Proje fikrinin Türkiye’yi temsil eden şehircilik anlayışını oluşturma isteğinden kaynaklandığını söyleyen Seçgel, turkuaz isminin ise mavi ve yeşili ve ayrıca Türkiye’yi temsil ettiği için tercih edildiğini açıkladı. Seçgel, projenin turkuaz isminden yola çıkarak da daha güzel, daha temiz, stresten daha uzak ve çevreye önem veren, iklim duyarlı şehircilik anlayışını ülkemizle buluşturmayı hedefleyerek ortaya çıkıp, geliştirildiğini söyledi. Dünyada da buna benzer örneklerin olduğuna ve bu örneklerin incelendiğine dikkat çeken Seçgel, Turkuaz Şehirler’in Türkiye’nin milli şehir markası olacağını ifade etti. Seçgel konuşmasını şöyle sürdürdü: “Yerel yönetimlerce “çevre dostu şehircilik” anlayışı doğrultusunda hazırlanacak eylem planları ile imar planlarının iklime duyarlı hazırlanması, atıkların ayrı toplanması ve güvenilir şeklide bertaraf edilmesi, atıklardan enerji elde edilmesine yönelik çalışmalar yapılması, kentin tamamında akıllı ve sürdürülebilir ulaşım seçeneklerinin sunulması, bisiklet yollarının yapılması, araç filolarında düşük karbon emisyonuna sahip araçlara yer verilmesi, yeşil alan miktarının artırılması gibi iklim değişikliği ile mücadeleye yönelik hedeflere yer verilmelidir. Yerel ölçekte belirlenecek politikaların, hazırlanacak eylem planlarının ana amacı, kent ölçeğinde sera gazı emisyonlarının hesaplanması ve azaltılması, iklim değişikliği kaynaklı riskleri minimize etmek olmalıdır. Böylece iklim değişikliğinin kısa ve uzun vadeli etkileri ile mücadele edebilen, risk yönetimi güçlü, enerji, ulaşım, konut ve arazi planlaması ve atık yönetimi gibi konuları birlikte ele alan bütüncül bir şehir yönetimi ile marka şehirler oluşturulacaktır. Çünkü şehircilik anlayışımızı, sadece toplumun sosyal ve ekonomik ihtiyaçları göz önüne alarak değil, iklim ve çevre duyarlılığını göz önünde bulunduracak şekilde şehirlerimizin şekillenmesine esas teşkil edecek enerji ve doğal kaynak tasarruflu, çevre dostu teknolojilerle imar edilen, yenilenebilir enerji kaynaklarının kullanımını önemseyen, yeni nesil projelerle bir inşa sanatı olarak ortaya koymak durumundayız.

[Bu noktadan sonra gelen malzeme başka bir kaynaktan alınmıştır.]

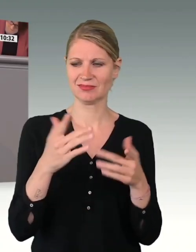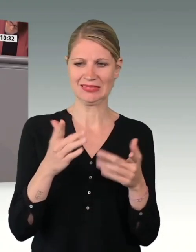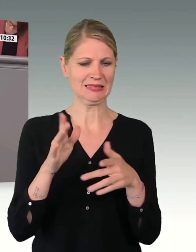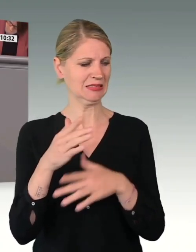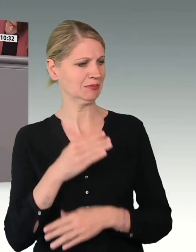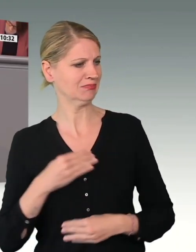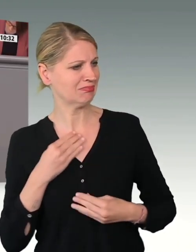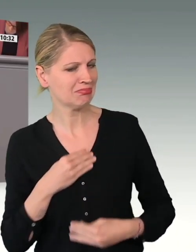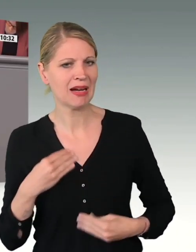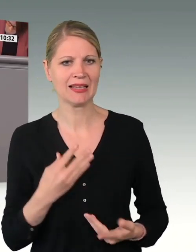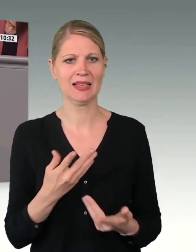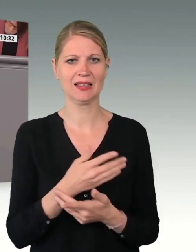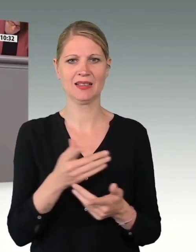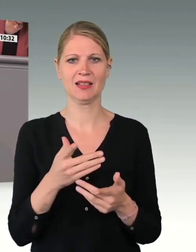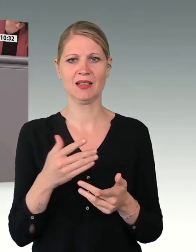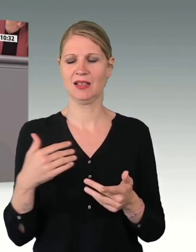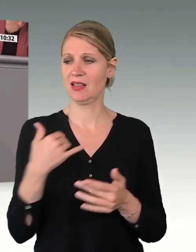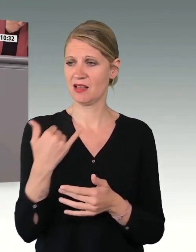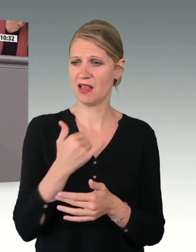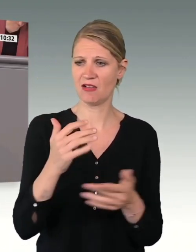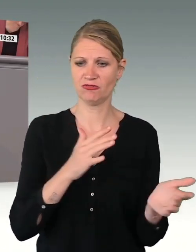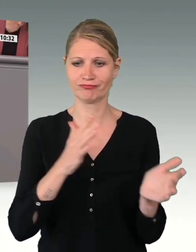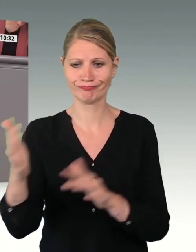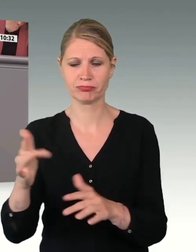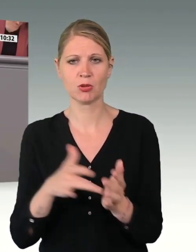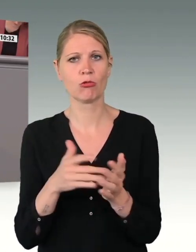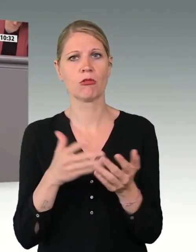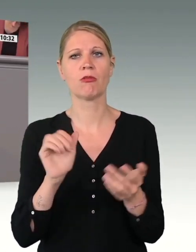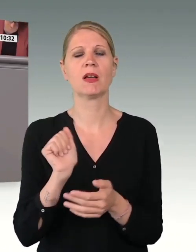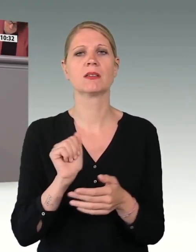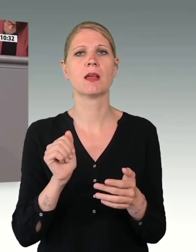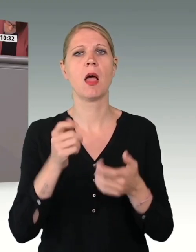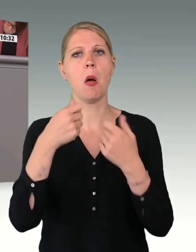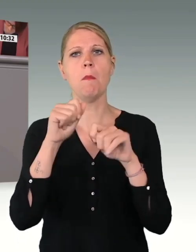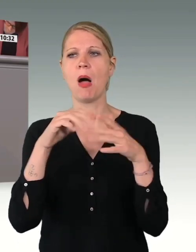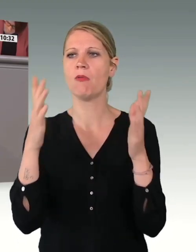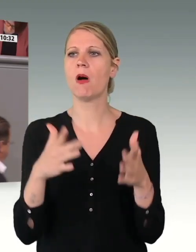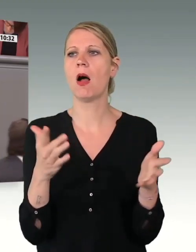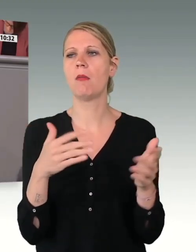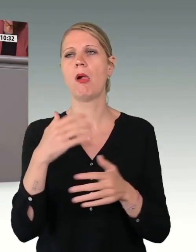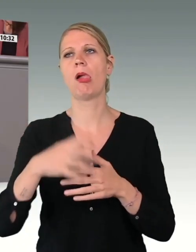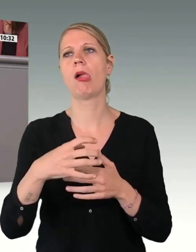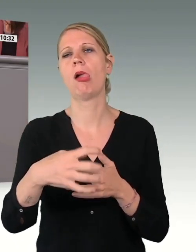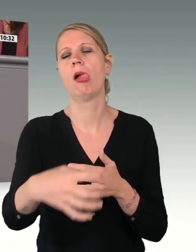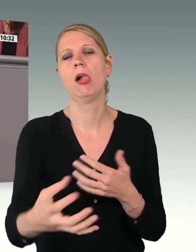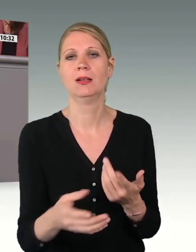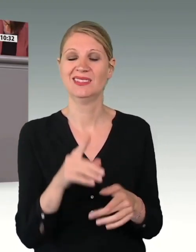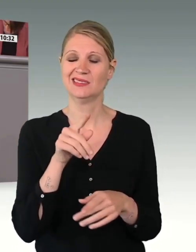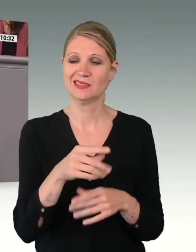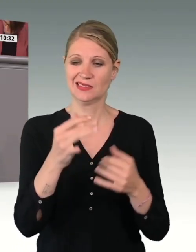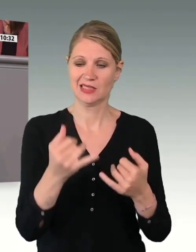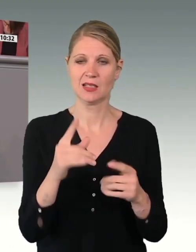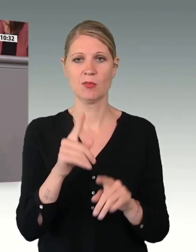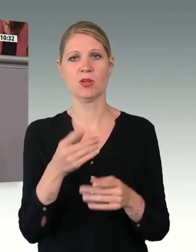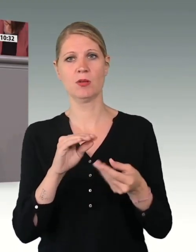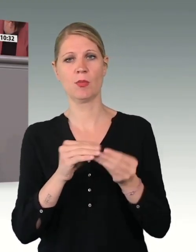das teilweise seit Jahren an der Umsetzung vieler Bauvorhaben. Es ist höchste Zeit, die Probleme mit den Bauverwaltungen

“Ülkemizin Her Köşesinde Çalışma Yapacağız”

Turkuaz Şehirler kapsamında İstanbul, Sakarya, Bursa, Çanakkale, Ankara, Konya, Kayseri, Samsun, Trabzon, Adana, Hatay, Lefkoşa,  Kocaeli ve Antalya değerlendirilecek olan ilk iller arasında. İlk etapta belirlenen bu 14 il konusunda büyükşehir belediyelerine öncelik verildiğini ve çevre ile yaptığı başarılı çalışmaları olan şehirleri de bu projeye dâhil ettiklerini söyleyen Seçgel, belirlenen il sayısının önümüzdeki yıllarda tüm Türkiye’yi kapsayacak şekilde artırılacağının müjdesini verdi. Seçgel, “Nihai amacımız Edirne’den Kars’a, Artvin’den Antalya’ya kadar uzanan bir ölçüde ülkemizin her köşesinde bu çalışmaları başarıyla yürütebilmek” dedi.

Seçgel proje kapsamında yapılacak çalışmaları ise şöyle sıraladı:

 “İllerde bakanlıkların taşra teşkilatları ile il belediyelerinin iklim değişikliği ile mücadeleye yönelik idari ve teknik kapasitesinin belirlenmesi ile üniversitelerin ve sivil toplum kuruluşlarının iklim değişikliği ile mücadele çalışmalarının belirlenmesi amacıyla iki farklı anket hazırlanması,

Turkuaz Şehir marka logosu/sertifikası ve Turkuaz Şehir Sembolü hazırlanması

Belediye ve sivil toplum kuruluşlarının ulusal ve uluslararası finansman kaynaklarına erişimini kolaylaştırmak amacıyla rehber dokümanlar hazırlanması,

İl bazında sera gazı emisyon envanterinin hazırlanması amacıyla rehber dokümanları hazırlanacaktır. İçeriğinde genel hatlarıyla sera gazı oluşumu, sebepleri, hesaplanması vb. olacaktır.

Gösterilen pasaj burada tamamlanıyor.